[Data excerpts]
────────────────

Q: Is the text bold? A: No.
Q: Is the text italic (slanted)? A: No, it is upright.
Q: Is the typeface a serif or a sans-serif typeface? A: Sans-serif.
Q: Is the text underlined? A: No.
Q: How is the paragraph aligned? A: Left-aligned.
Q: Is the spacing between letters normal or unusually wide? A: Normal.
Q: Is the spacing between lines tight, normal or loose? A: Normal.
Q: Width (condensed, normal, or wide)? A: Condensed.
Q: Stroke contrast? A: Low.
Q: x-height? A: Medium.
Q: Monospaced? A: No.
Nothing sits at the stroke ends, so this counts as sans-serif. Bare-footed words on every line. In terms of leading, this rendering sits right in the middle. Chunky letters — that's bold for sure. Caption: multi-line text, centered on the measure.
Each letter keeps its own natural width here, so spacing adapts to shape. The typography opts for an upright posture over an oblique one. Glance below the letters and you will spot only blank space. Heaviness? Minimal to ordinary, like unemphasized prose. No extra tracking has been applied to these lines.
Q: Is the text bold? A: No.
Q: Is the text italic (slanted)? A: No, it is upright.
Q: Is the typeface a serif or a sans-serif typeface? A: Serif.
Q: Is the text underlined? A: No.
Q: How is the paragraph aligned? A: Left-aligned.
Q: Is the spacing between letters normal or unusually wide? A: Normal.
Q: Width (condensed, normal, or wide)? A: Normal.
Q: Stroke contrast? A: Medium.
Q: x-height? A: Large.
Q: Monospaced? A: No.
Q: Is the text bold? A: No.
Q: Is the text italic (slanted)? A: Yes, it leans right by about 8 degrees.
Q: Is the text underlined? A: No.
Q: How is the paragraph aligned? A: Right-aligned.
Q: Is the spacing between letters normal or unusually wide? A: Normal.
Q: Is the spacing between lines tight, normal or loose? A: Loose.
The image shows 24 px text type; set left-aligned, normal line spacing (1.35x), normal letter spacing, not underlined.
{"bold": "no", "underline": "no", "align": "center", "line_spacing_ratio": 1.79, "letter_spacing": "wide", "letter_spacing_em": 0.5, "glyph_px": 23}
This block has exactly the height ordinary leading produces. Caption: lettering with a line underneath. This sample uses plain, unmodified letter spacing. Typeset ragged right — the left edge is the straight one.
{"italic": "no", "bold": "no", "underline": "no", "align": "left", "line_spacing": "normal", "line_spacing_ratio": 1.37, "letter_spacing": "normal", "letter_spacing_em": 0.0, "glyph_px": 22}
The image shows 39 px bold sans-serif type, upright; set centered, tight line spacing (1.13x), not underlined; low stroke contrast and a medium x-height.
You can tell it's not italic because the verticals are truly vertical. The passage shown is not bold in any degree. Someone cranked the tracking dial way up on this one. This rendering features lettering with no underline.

────────────────

Exercise details –
Reproduce the entries exactly, but only from their first line to the line holding "This block has", with that last line kept.

Answer to this problem –
Q: Is the text bold? A: No.
Q: Is the text italic (slanted)? A: No, it is upright.
Q: Is the typeface a serif or a sans-serif typeface? A: Sans-serif.
Q: Is the text underlined? A: No.
Q: How is the paragraph aligned? A: Left-aligned.
Q: Is the spacing between letters normal or unusually wide? A: Normal.
Q: Is the spacing between lines tight, normal or loose? A: Normal.
Q: Width (condensed, normal, or wide)? A: Condensed.
Q: Stroke contrast? A: Low.
Q: x-height? A: Medium.
Q: Monospaced? A: No.
Nothing sits at the stroke ends, so this counts as sans-serif. Bare-footed words on every line. In terms of leading, this rendering sits right in the middle. Chunky letters — that's bold for sure. Caption: multi-line text, centered on the measure.
Each letter keeps its own natural width here, so spacing adapts to shape. The typography opts for an upright posture over an oblique one. Glance below the letters and you will spot only blank space. Heaviness? Minimal to ordinary, like unemphasized prose. No extra tracking has been applied to these lines.
Q: Is the text bold? A: No.
Q: Is the text italic (slanted)? A: No, it is upright.
Q: Is the typeface a serif or a sans-serif typeface? A: Serif.
Q: Is the text underlined? A: No.
Q: How is the paragraph aligned? A: Left-aligned.
Q: Is the spacing between letters normal or unusually wide? A: Normal.
Q: Width (condensed, normal, or wide)? A: Normal.
Q: Stroke contrast? A: Medium.
Q: x-height? A: Large.
Q: Monospaced? A: No.
Q: Is the text bold? A: No.
Q: Is the text italic (slanted)? A: Yes, it leans right by about 8 degrees.
Q: Is the text underlined? A: No.
Q: How is the paragraph aligned? A: Right-aligned.
Q: Is the spacing between letters normal or unusually wide? A: Normal.
Q: Is the spacing between lines tight, normal or loose? A: Loose.
The image shows 24 px text type; set left-aligned, normal line spacing (1.35x), normal letter spacing, not underlined.
{"bold": "no", "underline": "no", "align": "center", "line_spacing_ratio": 1.79, "letter_spacing": "wide", "letter_spacing_em": 0.5, "glyph_px": 23}
This block has exactly the height ordinary leading produces. Caption: lettering with a line underneath. This sample uses plain, unmodified letter spacing. Typeset ragged right — the left edge is the straight one.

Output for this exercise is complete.